Records to process START
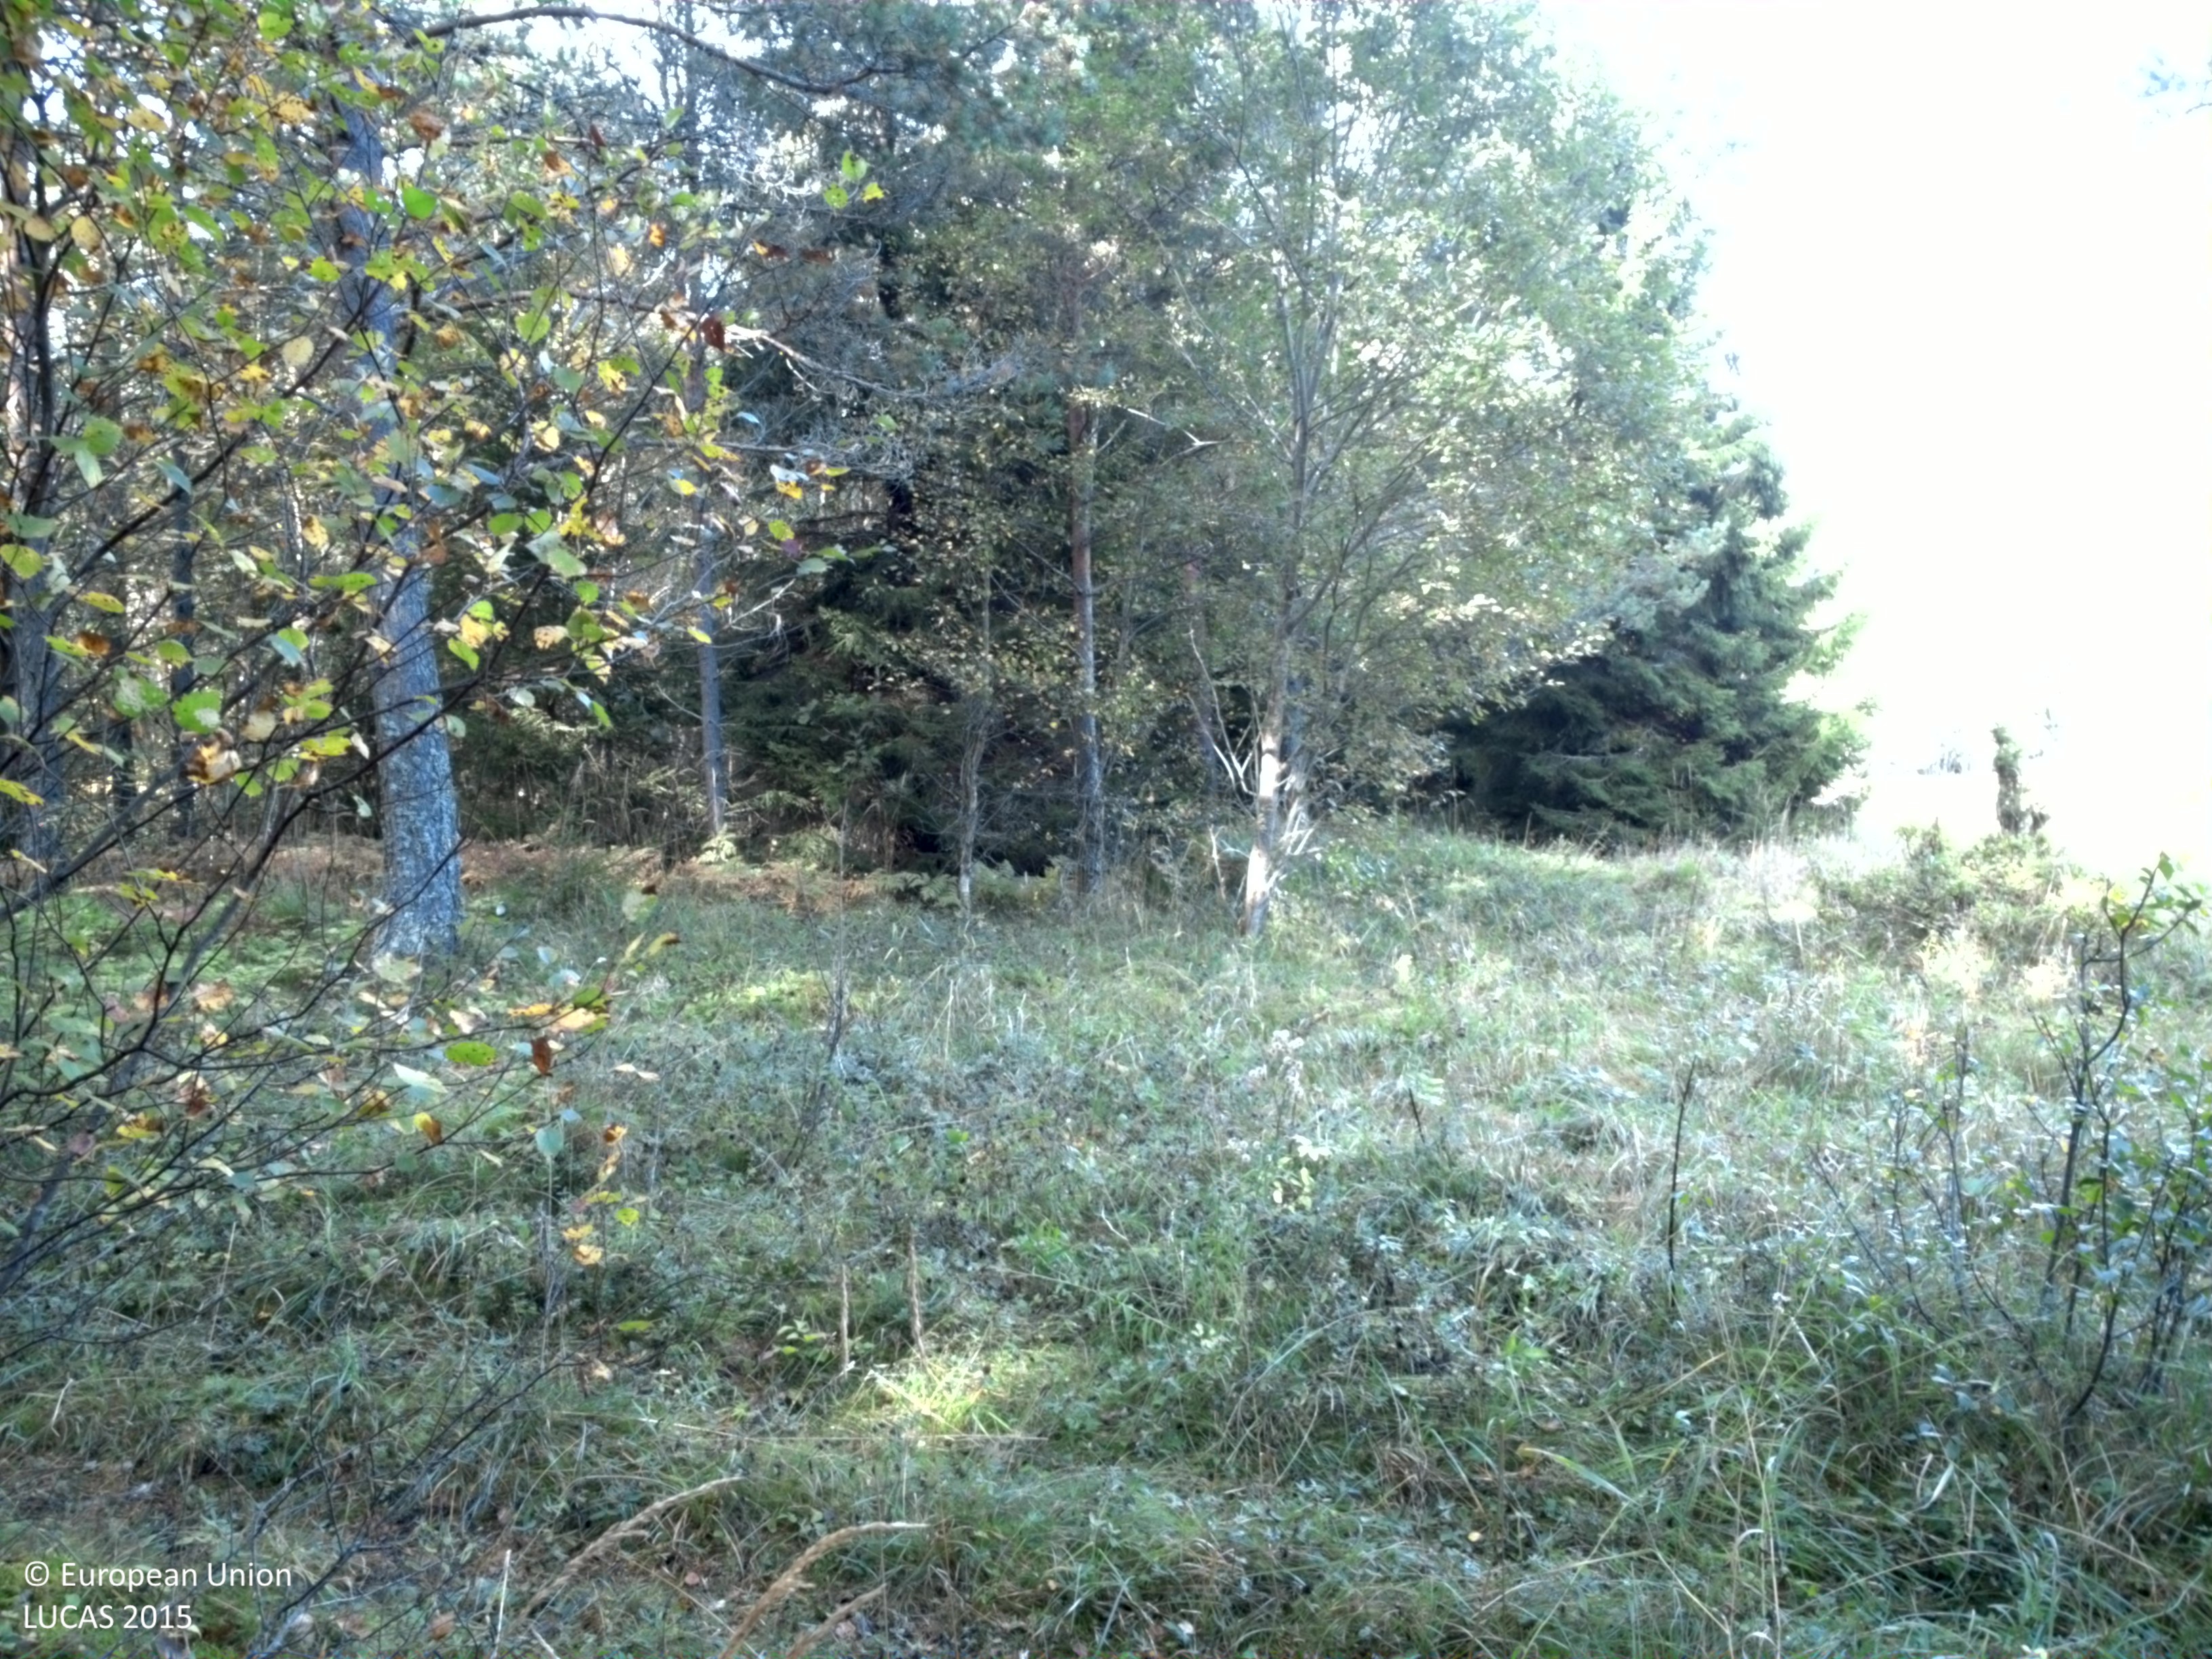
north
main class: Woodland
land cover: Pine dominated coniferous woodland
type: boreal forest
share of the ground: 50 - 75 %
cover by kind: coniferous forest trees 50 %, herbaceous plants 40 %, broadleaved forest trees 10 %
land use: Forestry
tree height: > 5 m
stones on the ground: < 10 %
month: September
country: SE
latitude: 59.8465
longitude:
Records to process END
Problem:
The line with "main class: Woodland" marks where to start. Transcribe from there through the final line of the records, exactly and with nothing added.

Completed exercise:
main class: Woodland
land cover: Pine dominated coniferous woodland
type: boreal forest
share of the ground: 50 - 75 %
cover by kind: coniferous forest trees 50 %, herbaceous plants 40 %, broadleaved forest trees 10 %
land use: Forestry
tree height: > 5 m
stones on the ground: < 10 %
month: September
country: SE
latitude: 59.8465
longitude:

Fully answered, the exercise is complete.